Currently, we are preparing 4 papers within the REPARES project. These papers are based on the short secondments carried out by junior researchers and on the work done during Seminar 1 on PCR methodology.
Two short research visits from UCT were organized in the first period of the REPARES project. Aleksandra Milobedzka did her short research visit at UCP with prof. Célia M. Manaia and Dana Vejmelkova did her short research visit at Wetsus. These visits, even though taking place largely during the first period of COVID-19-related restrictions, will fruit in at least two joined papers and for Dana Vejmelkova started further cooperation that continued by virtual soft-skills training as she until now participates in Wetsus team meetings and performs further research.
In the first reporting period, one seminar was organized - Seminar 1 - Impact of DNA Extraction on DNA Quality and Molecular Analytical Outputs was organized at TU Delft (in M4, January 2020). By the time of writing this periodic report, Seminars 3 and 4 were already organized by UCT in January 2021.
Organizing the shadowing visits has been challenging under the COVID-19 restrictions. However, Dana Vejmelkova is currently undergoing online soft-skills training as she participates once or twice a week at the video meetings of the Wetsus team. Similar online training is currently being organized for Sabina Purkrtova (UCT) at TUD.
Summer school on transferable skills was partially organized in November 2020 (M14). Since it needed to be online due to COVID-19, only half of the seminar was done in November and the second half was done in April 2021 (M19).
So far, two international research projects were submitted within the consortium: project WISE@ARC within the framework of JPI Aquatic pollutants and project CHEMBIOSE within the framework of European Green Deal H2020 RIA LC-GD-8-2-2020 (TUD, UW, UCP, and UCT involved, submitted on January 26, 2021).
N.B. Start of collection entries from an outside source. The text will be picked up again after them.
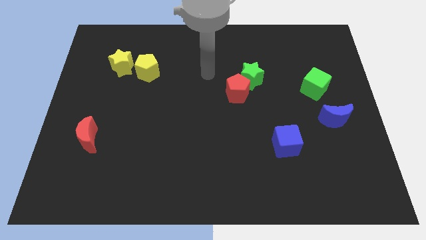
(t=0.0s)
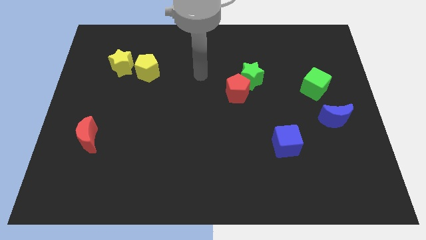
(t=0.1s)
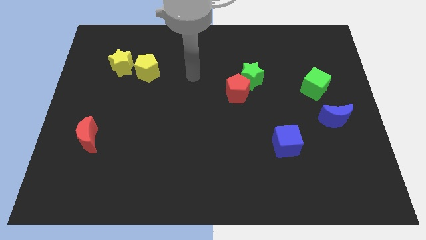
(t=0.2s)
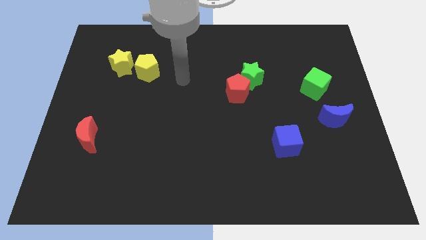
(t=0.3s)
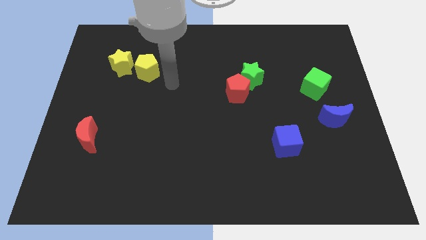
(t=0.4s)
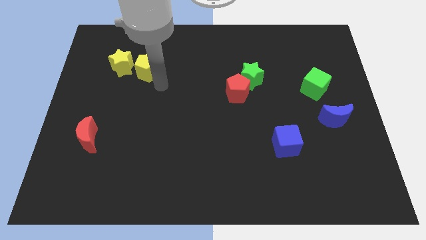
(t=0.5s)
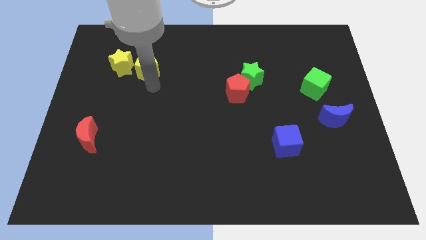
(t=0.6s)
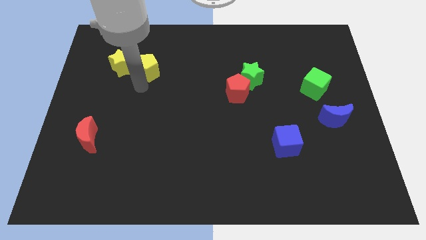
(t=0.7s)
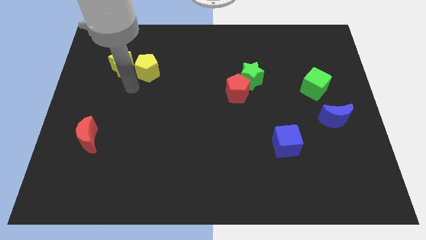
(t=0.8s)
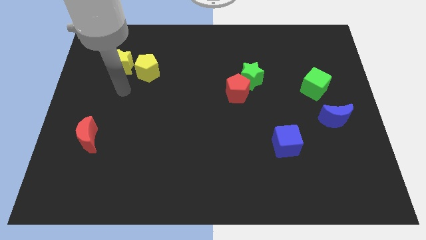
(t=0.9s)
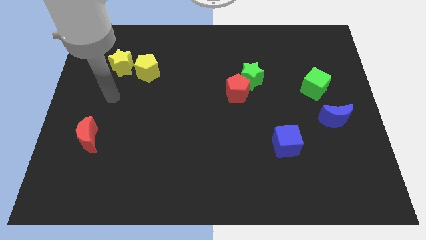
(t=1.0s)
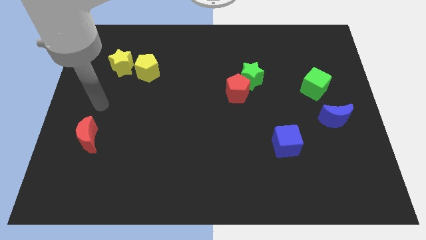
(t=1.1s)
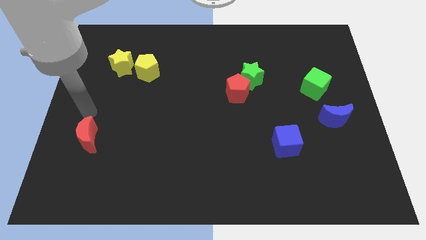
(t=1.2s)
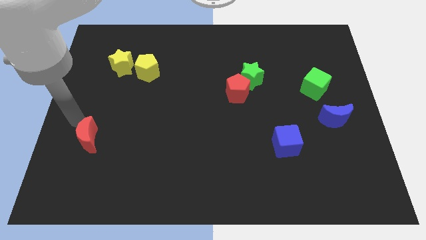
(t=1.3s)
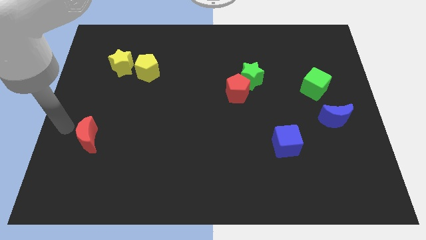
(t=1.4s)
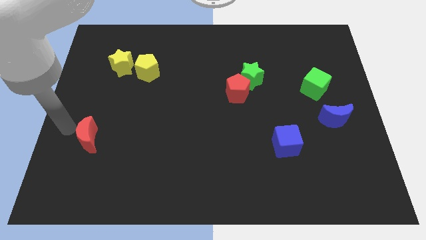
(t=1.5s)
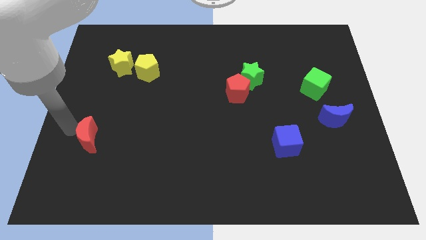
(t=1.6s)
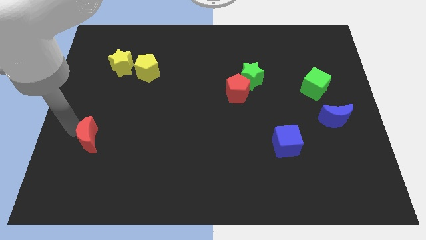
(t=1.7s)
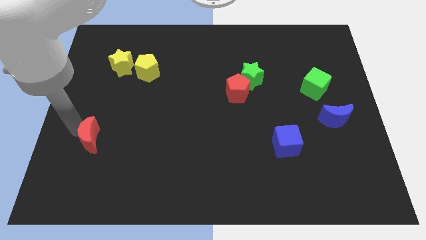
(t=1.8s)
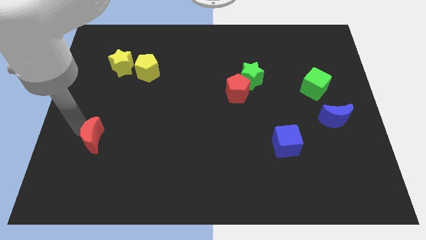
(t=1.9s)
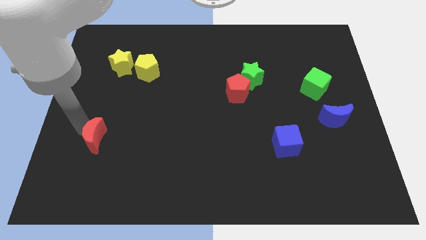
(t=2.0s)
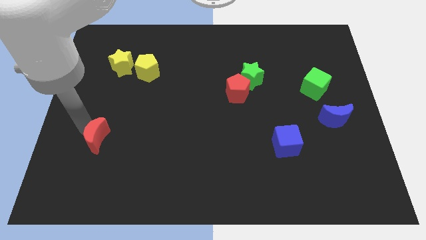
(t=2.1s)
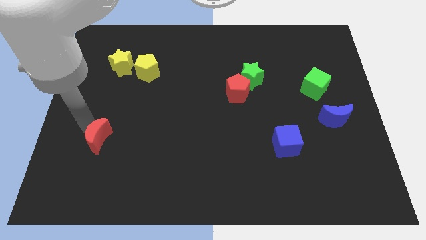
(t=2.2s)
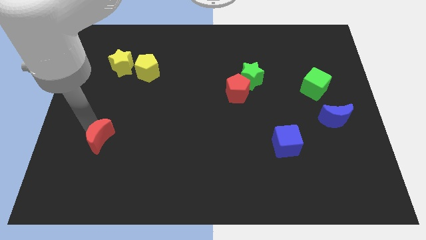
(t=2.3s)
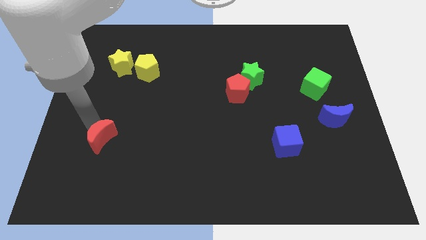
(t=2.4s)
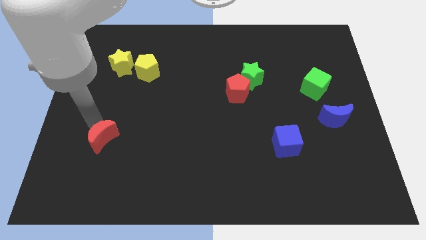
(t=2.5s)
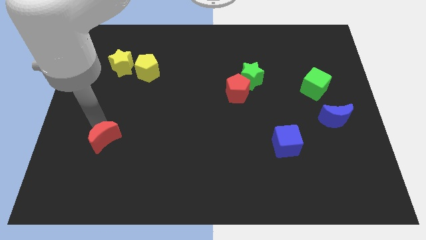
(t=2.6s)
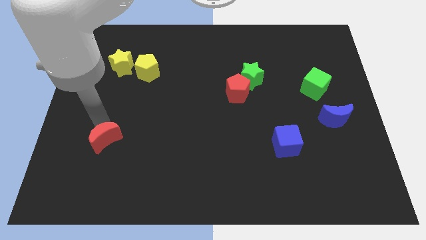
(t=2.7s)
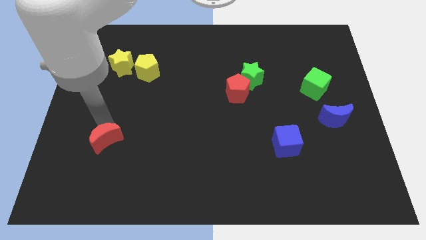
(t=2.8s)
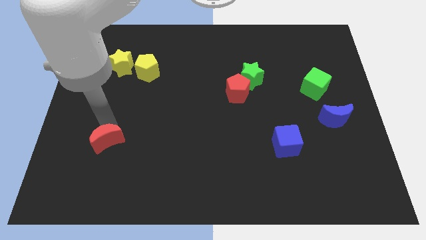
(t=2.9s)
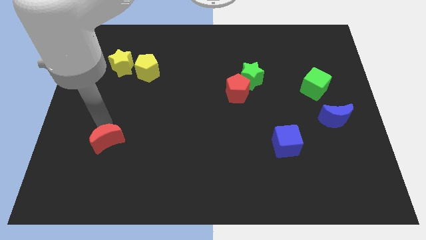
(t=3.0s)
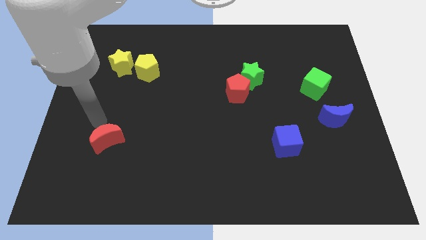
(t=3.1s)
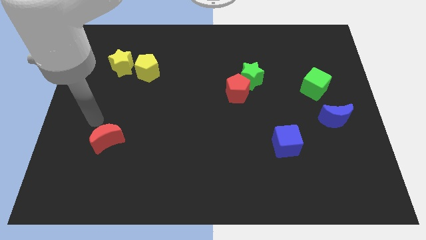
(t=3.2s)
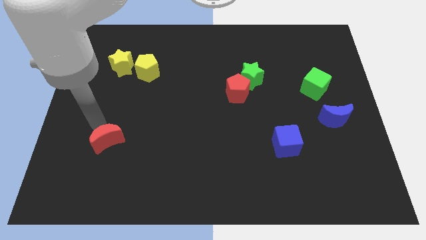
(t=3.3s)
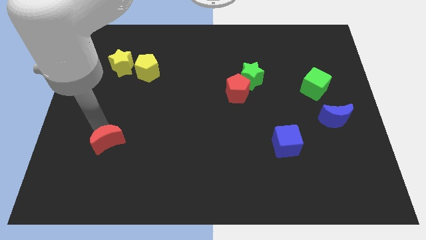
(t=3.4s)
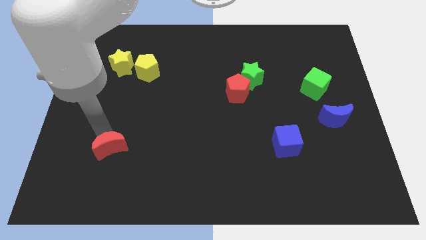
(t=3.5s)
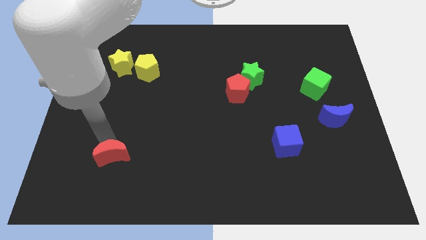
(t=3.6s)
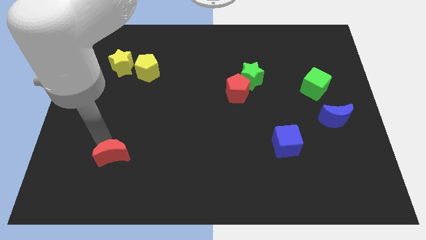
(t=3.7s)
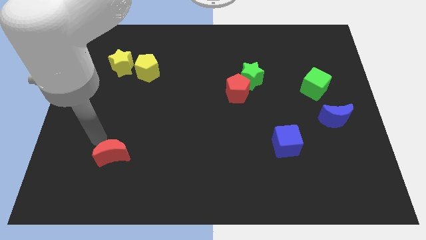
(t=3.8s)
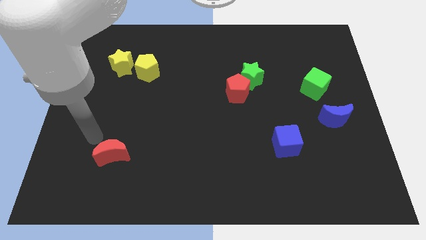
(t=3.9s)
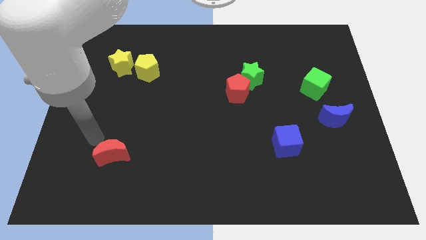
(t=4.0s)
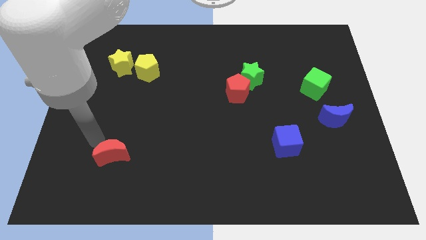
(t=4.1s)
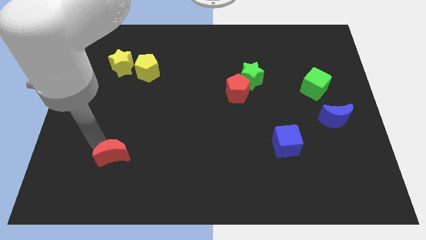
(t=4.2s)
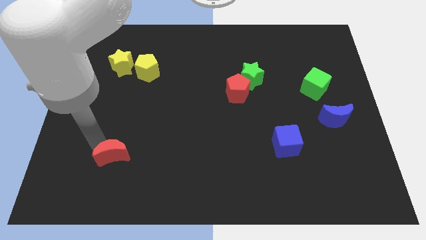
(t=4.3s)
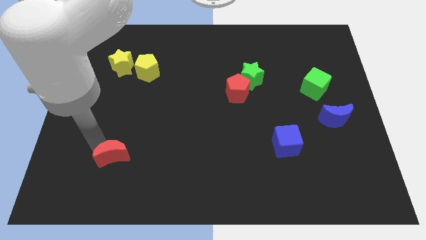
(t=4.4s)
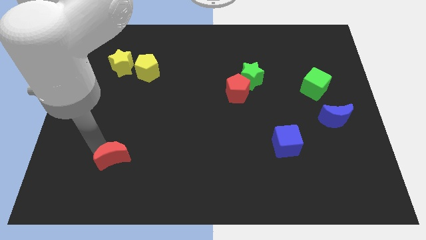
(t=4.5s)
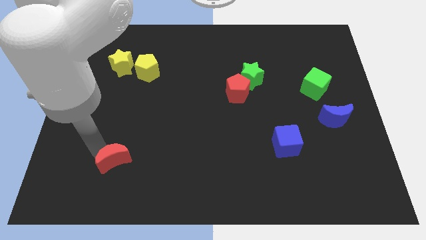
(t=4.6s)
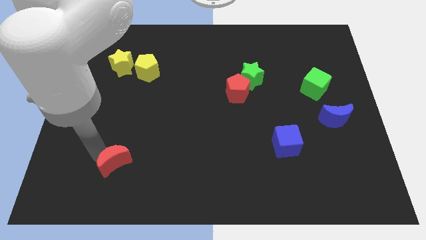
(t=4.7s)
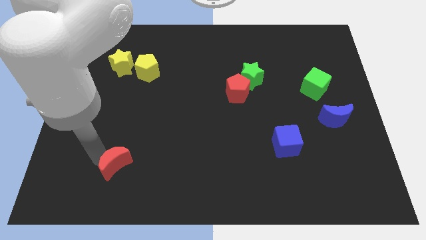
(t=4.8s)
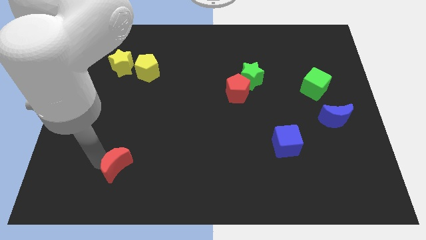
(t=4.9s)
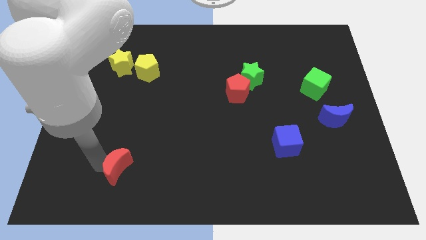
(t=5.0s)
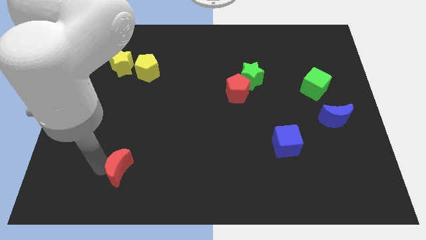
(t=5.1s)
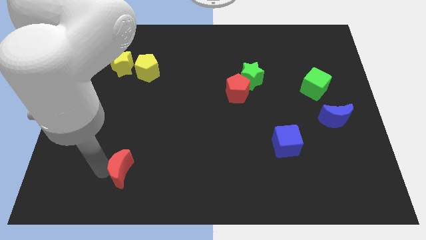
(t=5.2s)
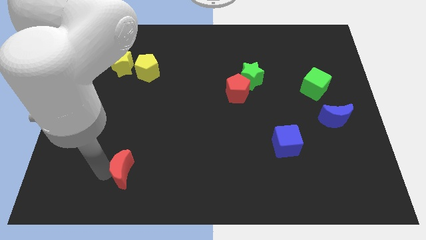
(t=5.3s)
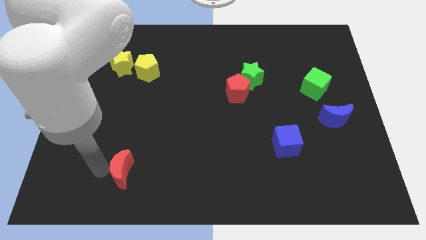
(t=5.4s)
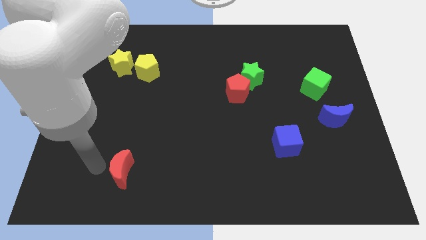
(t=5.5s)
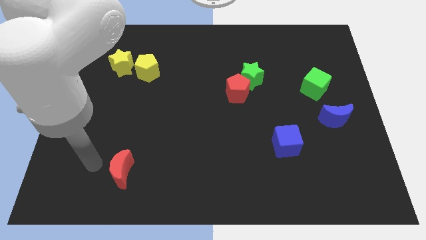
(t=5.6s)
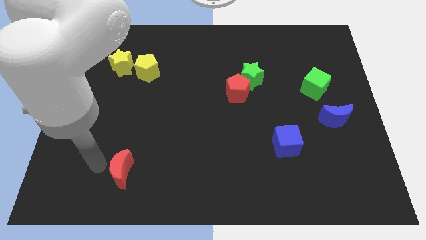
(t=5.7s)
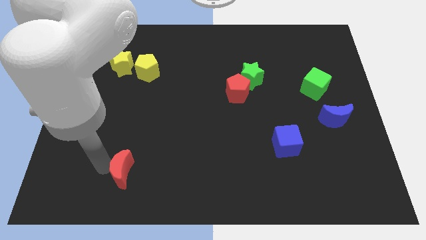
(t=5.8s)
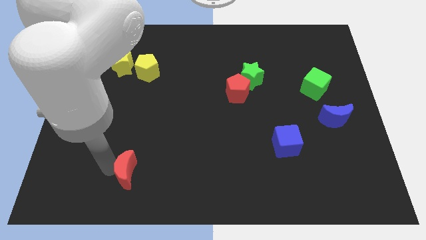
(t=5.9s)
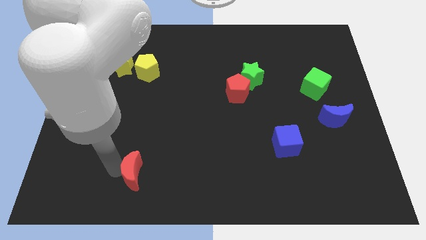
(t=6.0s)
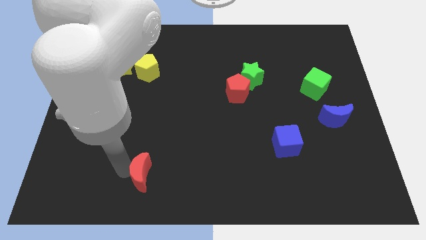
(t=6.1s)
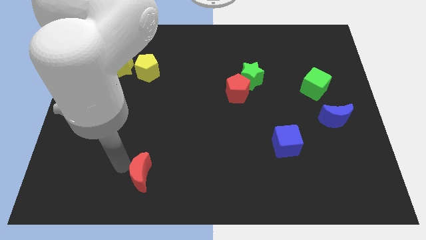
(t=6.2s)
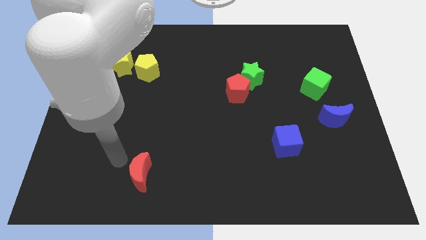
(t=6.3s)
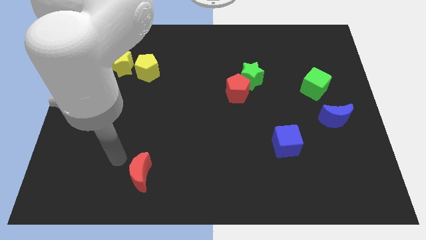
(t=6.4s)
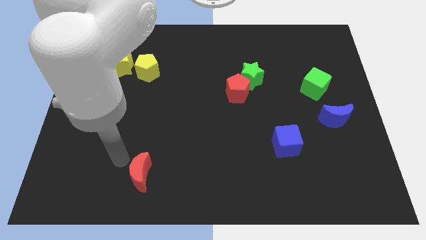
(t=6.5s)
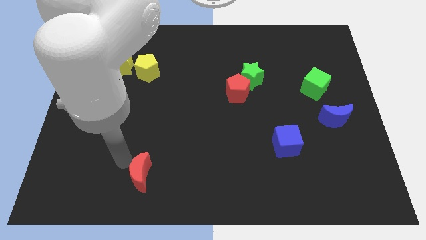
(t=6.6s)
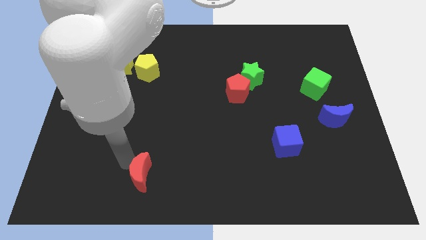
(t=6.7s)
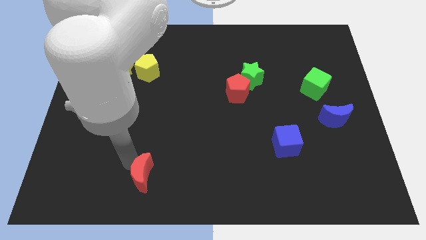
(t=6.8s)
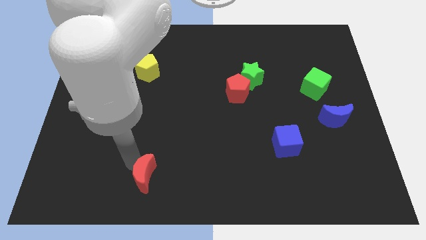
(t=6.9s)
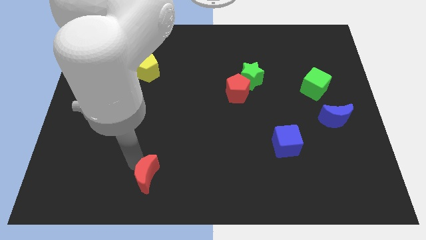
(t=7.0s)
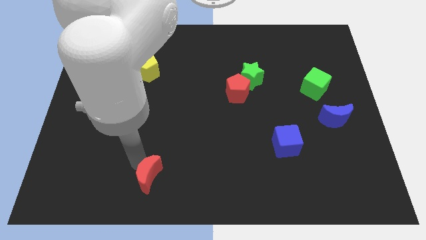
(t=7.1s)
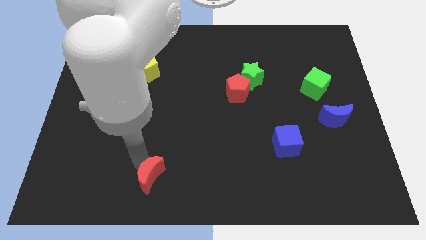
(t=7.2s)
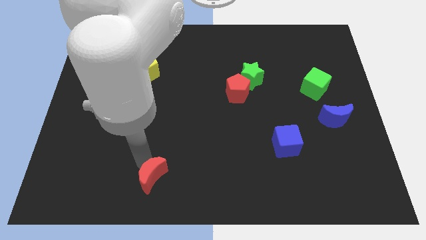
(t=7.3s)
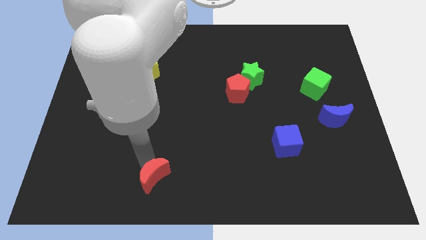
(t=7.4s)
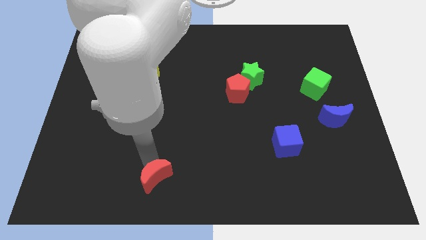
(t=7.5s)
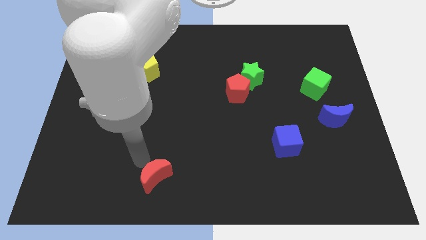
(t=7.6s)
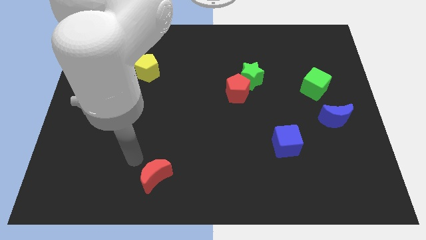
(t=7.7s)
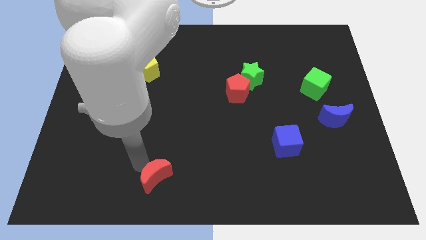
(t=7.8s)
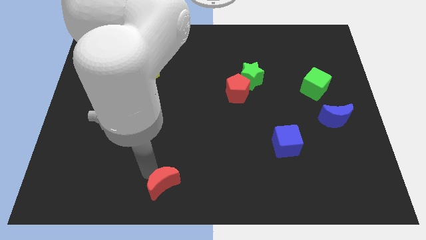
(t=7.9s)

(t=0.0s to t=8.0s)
move the red moon to the bottom

The submission of these projects was already an intensive training of UCT’s researchers involved (mainly Jan Bartacek and Sabina Purkrtová) in project submission. Still, a dedicated workshop on proposal submission is planned for August 2021.
During Seminar 1, one company participated (Future Genomics Technologies, Leiden, Netherlands) by giving a lecture. In joined seminars 3 and 4 (that took place in January 2021), again one non-academic institution (NIPH CZ - National Institute for Health Protection) was actively involved through lecturing.
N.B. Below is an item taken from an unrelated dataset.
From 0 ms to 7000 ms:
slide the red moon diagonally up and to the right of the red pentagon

We performed the first phase of an inter-laboratory study based on standard methodology established within the consortium at a joint workshop in December 2019 (M3) in Porto. The second phase of the study is currently being planned and its outcome will be a standard methodology for ARG’s detection in wastewater.
The online database embedded in the MiDAS platform has been established and put into operation by a joint effort of UCT and AAU see https://midas.programming.cool/guide/antibiotic-resistance.
The promoting activities (open summer school, papers publishing, operation, and promotion of the database) are mainly planned for the second part of the project. But we already established the web-based platform (https://repares.vscht.cz/) and we produced two newsletters where we actively inform about new ARG-related events and researches taking place. We also published 1 educational YouTube video in Czech and English mutations (https://www.youtube.com/channel/UCNkFASNumnK-wSxtwkgN0Mw)
REPARES aims at advancing the European community‘s know-how on antibiotic resistance across sanitation waterways, namely improving methodology so that data published worldwide are better comparable. Also, we aim to offer better accessibility of metagenomic data through operating the MiDAS-based database. REPARES acts as an essential vector to disseminate information on antimicrobial resistance spread within European WWTPs beyond science and technology in order to reach the non-academic community by means of open events, popularization publications, and operation of the REPARES web platform.